(Records from a dataset)
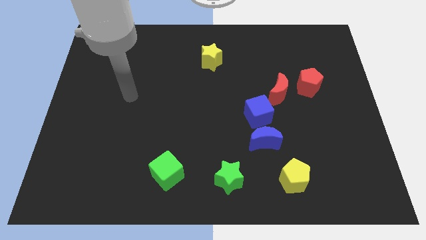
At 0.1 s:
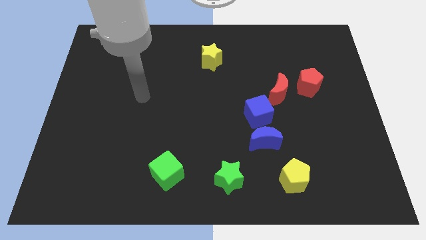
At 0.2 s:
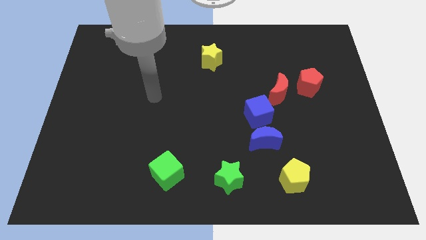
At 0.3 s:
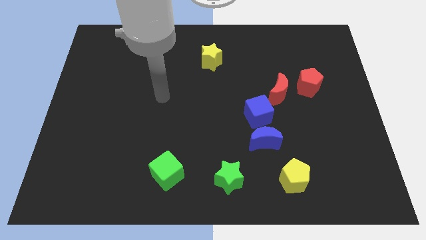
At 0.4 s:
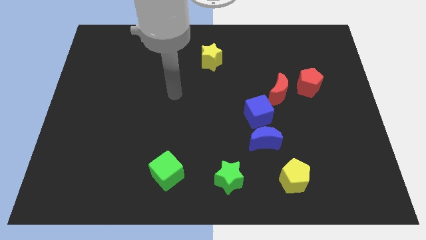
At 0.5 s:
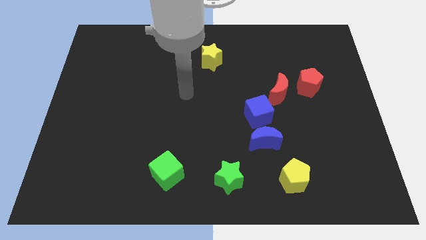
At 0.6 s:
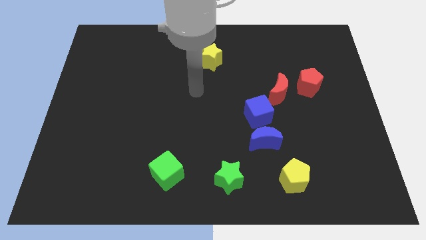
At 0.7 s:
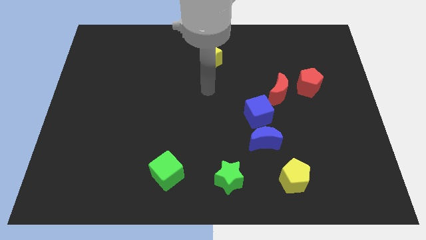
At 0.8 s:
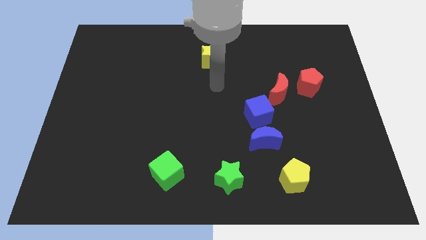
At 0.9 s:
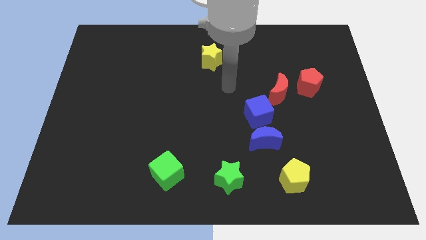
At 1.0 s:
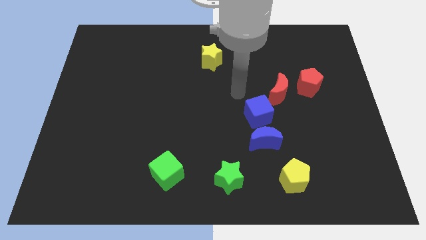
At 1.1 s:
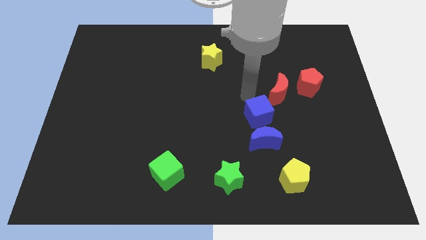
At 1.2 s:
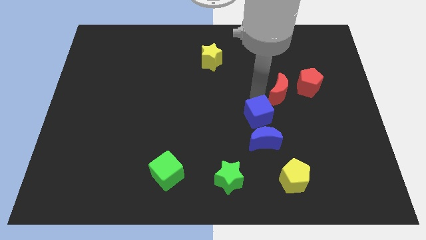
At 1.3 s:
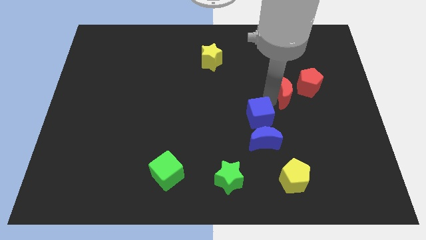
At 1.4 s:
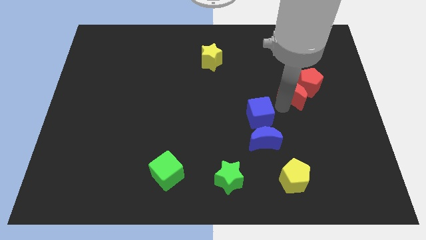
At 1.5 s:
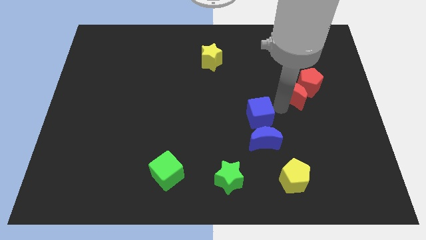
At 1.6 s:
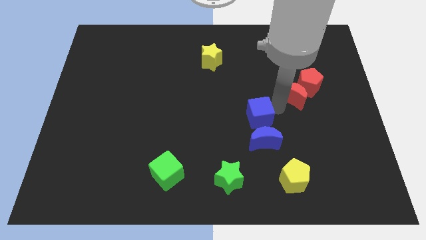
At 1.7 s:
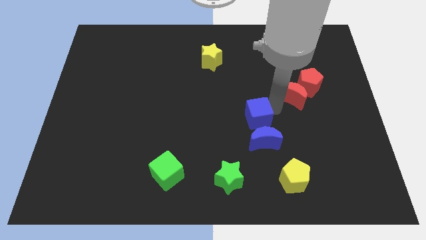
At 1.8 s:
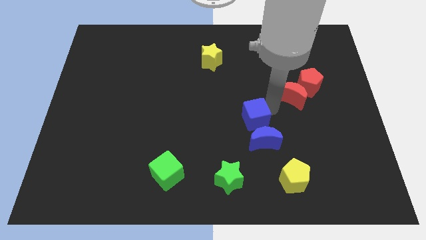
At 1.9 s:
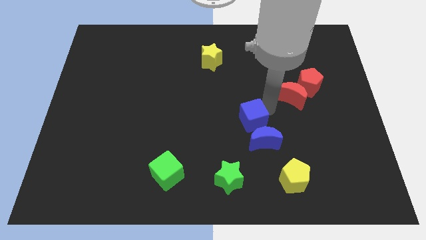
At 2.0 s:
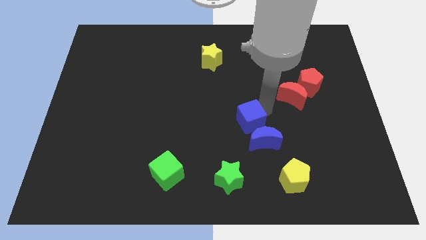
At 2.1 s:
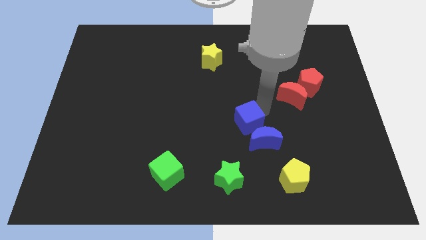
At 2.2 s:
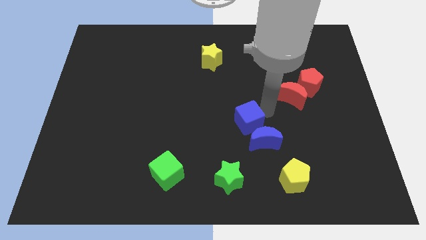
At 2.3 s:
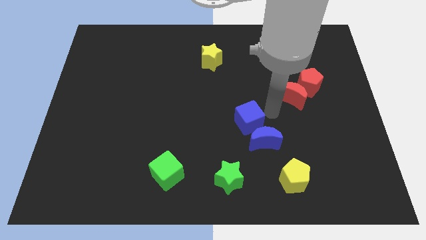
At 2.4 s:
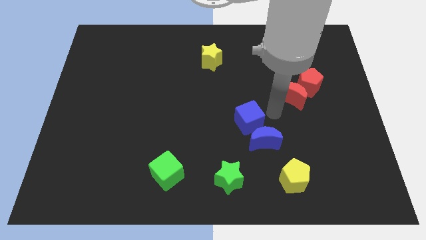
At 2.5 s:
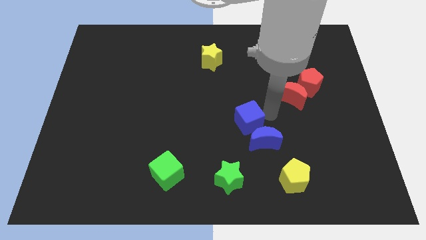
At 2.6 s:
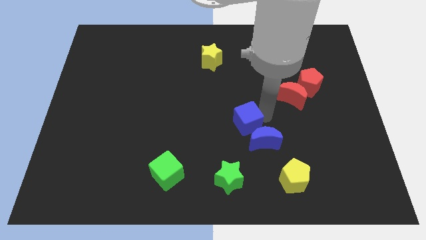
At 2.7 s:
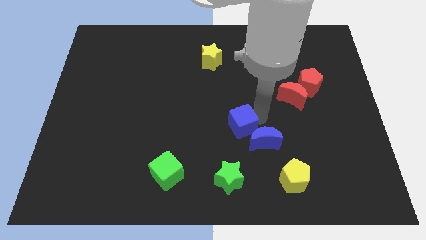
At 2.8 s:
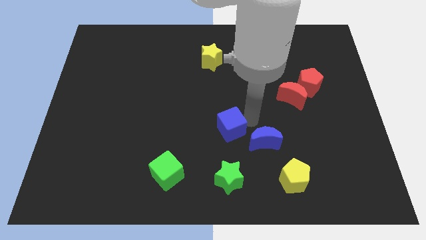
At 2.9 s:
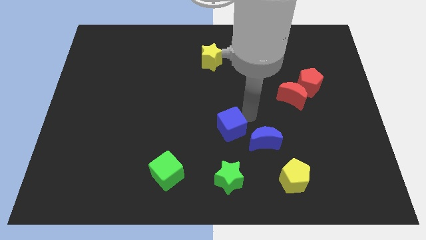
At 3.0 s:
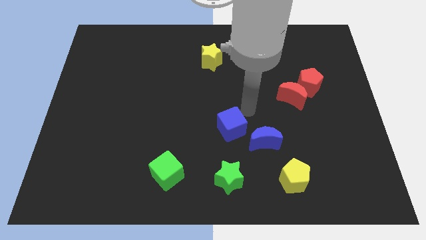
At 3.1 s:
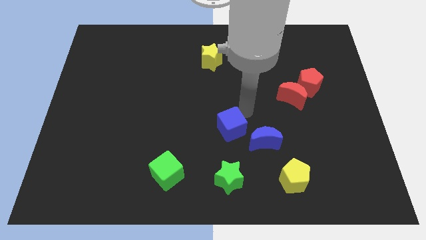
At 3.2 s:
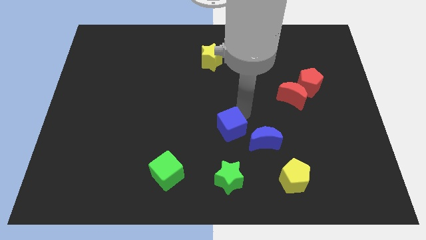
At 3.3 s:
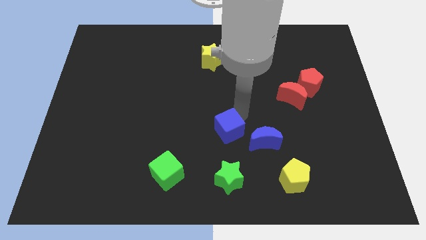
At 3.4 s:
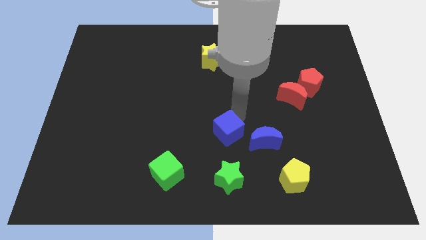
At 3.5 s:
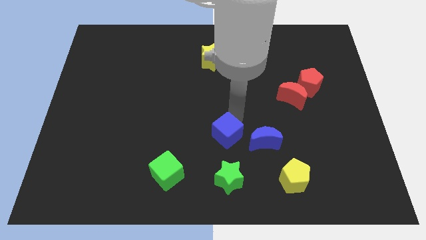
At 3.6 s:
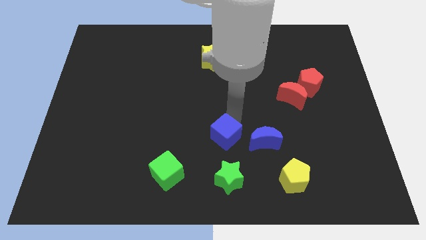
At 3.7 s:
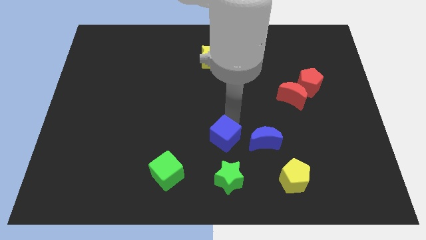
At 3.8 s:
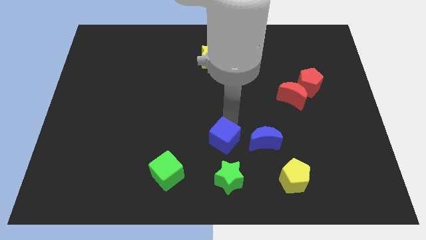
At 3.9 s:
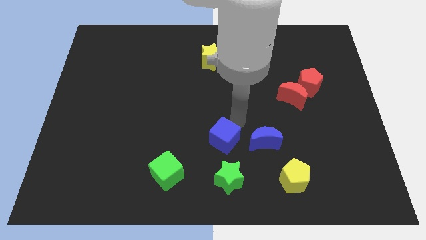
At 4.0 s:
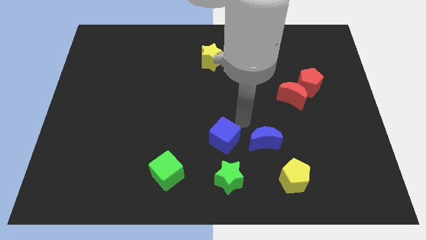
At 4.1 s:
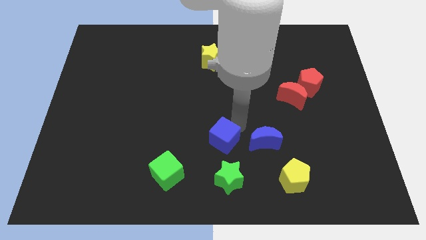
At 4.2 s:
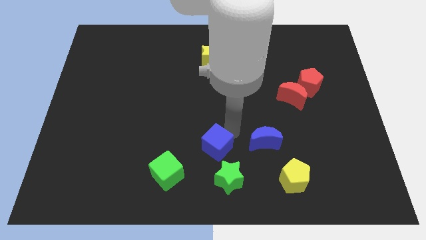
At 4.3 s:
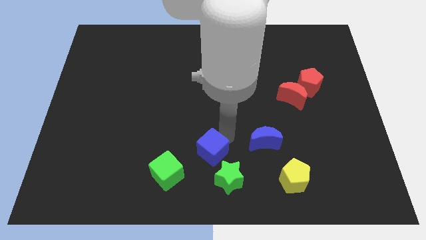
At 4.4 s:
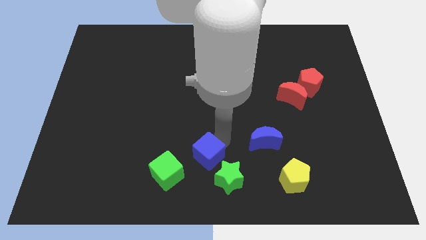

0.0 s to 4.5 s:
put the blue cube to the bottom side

- ACTION ITEM
Could every record be given again exactly, with its pictures left out?

- SOLUTION BELOW
At 0.1 s:
At 0.2 s:
At 0.3 s:
At 0.4 s:
At 0.5 s:
At 0.6 s:
At 0.7 s:
At 0.8 s:
At 0.9 s:
At 1.0 s:
At 1.1 s:
At 1.2 s:
At 1.3 s:
At 1.4 s:
At 1.5 s:
At 1.6 s:
At 1.7 s:
At 1.8 s:
At 1.9 s:
At 2.0 s:
At 2.1 s:
At 2.2 s:
At 2.3 s:
At 2.4 s:
At 2.5 s:
At 2.6 s:
At 2.7 s:
At 2.8 s:
At 2.9 s:
At 3.0 s:
At 3.1 s:
At 3.2 s:
At 3.3 s:
At 3.4 s:
At 3.5 s:
At 3.6 s:
At 3.7 s:
At 3.8 s:
At 3.9 s:
At 4.0 s:
At 4.1 s:
At 4.2 s:
At 4.3 s:
At 4.4 s:

0.0 s to 4.5 s:
put the blue cube to the bottom side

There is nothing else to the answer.